• Description of the task: Please return, exactly and only, the lines beginning at the top of the entries below and ending with the line containing "This is a near-infrared"; keep out the pictures.

• Extracted material:
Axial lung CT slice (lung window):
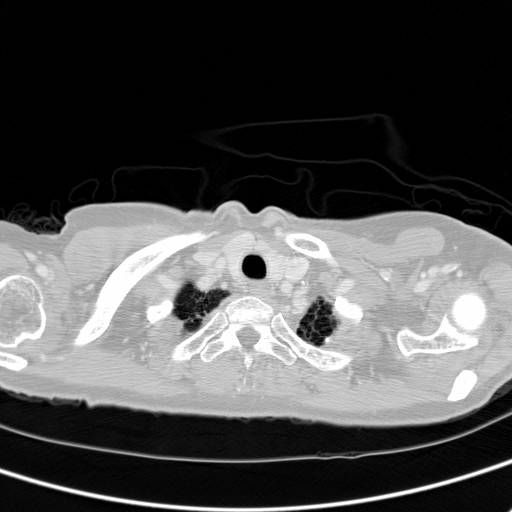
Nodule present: no
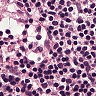
Metastatic tissue present: no
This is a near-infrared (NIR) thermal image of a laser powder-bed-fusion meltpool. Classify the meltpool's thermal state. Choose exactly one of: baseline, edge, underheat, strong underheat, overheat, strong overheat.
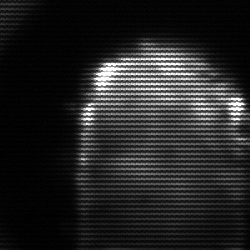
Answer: baseline
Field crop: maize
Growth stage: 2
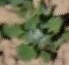
Species: chenopodium

• Task solution:
Axial lung CT slice (lung window):
Nodule present: no
Metastatic tissue present: no
This is a near-infrared (NIR) thermal image of a laser powder-bed-fusion meltpool. Classify the meltpool's thermal state. Choose exactly one of: baseline, edge, underheat, strong underheat, overheat, strong overheat.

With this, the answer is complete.